The following example highlights how you can configure a 3rd-party client APIs timeout.
%pip install openai
dbutils.library.restartPython()
from openai import OpenAI
import os
# How to get your Databricks token: https://docs.databricks.com/en/dev-tools/auth/pat.html
DATABRICKS_TOKEN = os.environ.get('DATABRICKS_TOKEN')
client = OpenAI(
timeout=10, # Number of seconds before client times out
api_key=DATABRICKS_TOKEN,
base_url="<WORKSPACE_URL>/serving-endpoints"
)
chat_completion = client.chat.completions.create(
messages=[
{
"role": "system",
"content": "You are an AI assistant"
},
{
"role": "user",
"content": "Tell me about Large Language Models."
}
],
model="model_name",
max_tokens=256
)
For the OpenAI client, you can get around the maximum timeout window by enabling streaming.
Other timeouts
Idle endpoints warming up
If an endpoint is scaled to 0 and it receives a request that warms it up, it could potentially lead to a client-side timeout if it takes too long to warm up. This can be a cause of timeouts in pipelines that leverage steps like calls to provisioned throughput endpoints or vector search indices, as mentioned above.
Connection timeout
Connection timeouts are related to the time a client waits to establish a connection with the server. If the connection is not established within this time, the client cancels the attempt. It’s important to be aware of the clients used in your model pipeline and check the service logs and inference tables of the Model Serving endpoint for any connection timeouts.

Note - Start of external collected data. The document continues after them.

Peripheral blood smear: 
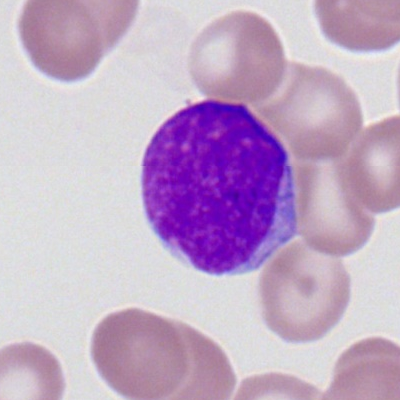Impression → myeloid blast.
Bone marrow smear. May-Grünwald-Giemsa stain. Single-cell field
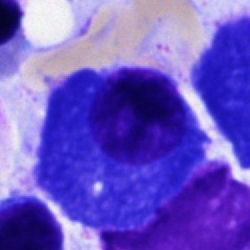

Morphology — plasma cell.
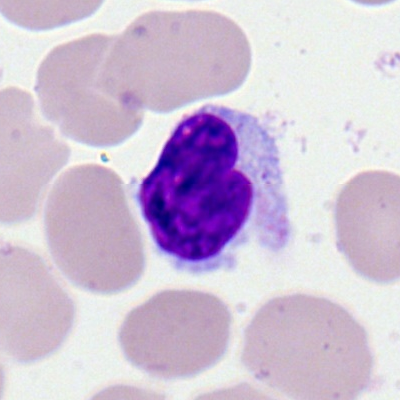

Q: What is the morphological classification of this cell?
A: This is a lymphocyte.
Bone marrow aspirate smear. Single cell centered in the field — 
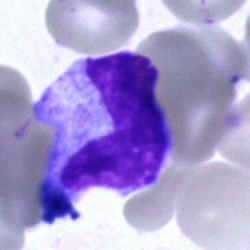{"cell_type": "stab cell", "lineage": "myeloid"}

The messaging varies by service.
- For example, a SocketTimeout (for a service reading/writing to a SQL endpoint over a JDBC connection) may look like the following:
jdbc:spark://<server-hostname>:443;HttpPath=<http-path>;TransportMode=http;SSL=1[;property=value[;property=value]];SocketTimeout=300
- To find these, look for error messages containing the term "timed out" or "timeout".
Rate limits
Multiple requests made over the rate limit of an endpoint might lead to failure for additional requests. See Resource and payload limits for rate limits based on endpoint types. For third party clients, Databricks recommends that you review the documentation of the third party client you are using.